* [AVAILABLE DATA]:
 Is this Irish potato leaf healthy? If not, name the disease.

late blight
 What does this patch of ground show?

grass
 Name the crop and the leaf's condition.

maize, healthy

==

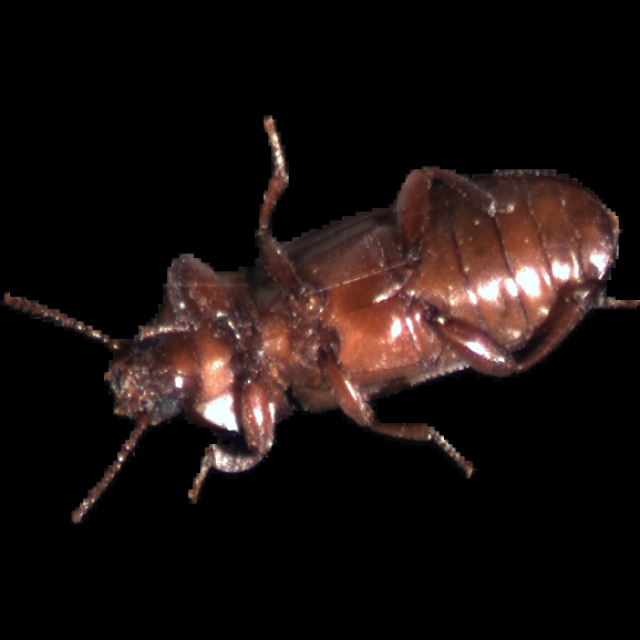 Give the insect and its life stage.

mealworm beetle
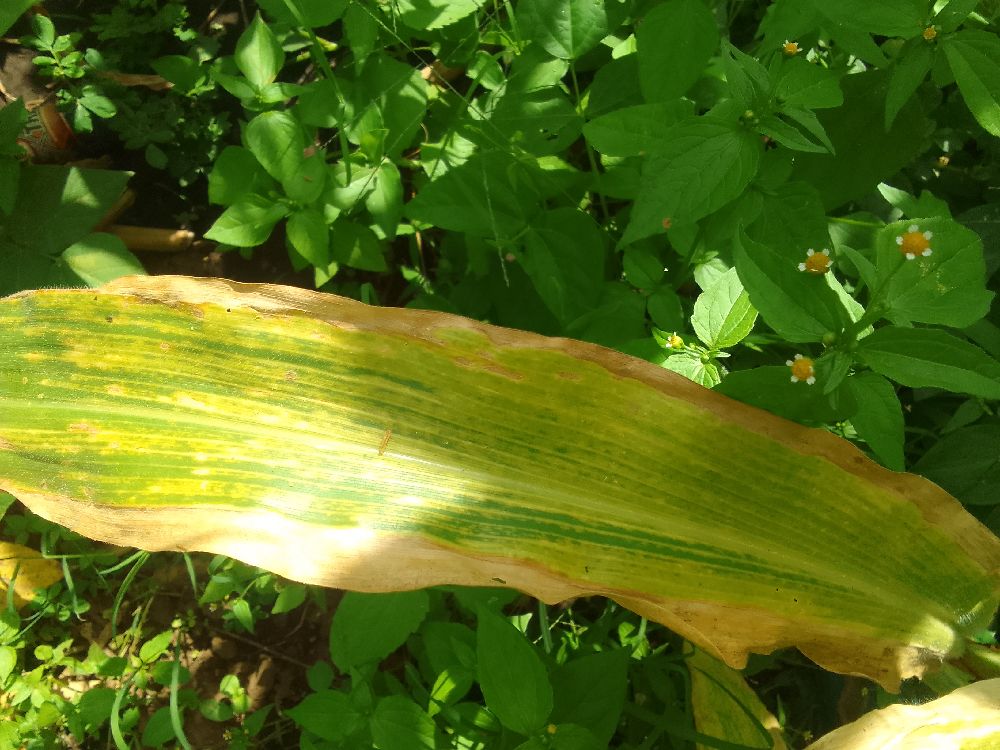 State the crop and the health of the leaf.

--

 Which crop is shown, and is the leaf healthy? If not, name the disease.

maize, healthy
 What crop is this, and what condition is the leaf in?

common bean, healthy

* [WHAT IS BEING ASKED]:
Would you output the lines above from the line holding "Give the insect and its life stage." up to and including the line holding "State the crop and the health of the leaf.", exactly and only those, with no pictures?

* [RESPONSE AREA]:
 Give the insect and its life stage.

mealworm beetle
 State the crop and the health of the leaf.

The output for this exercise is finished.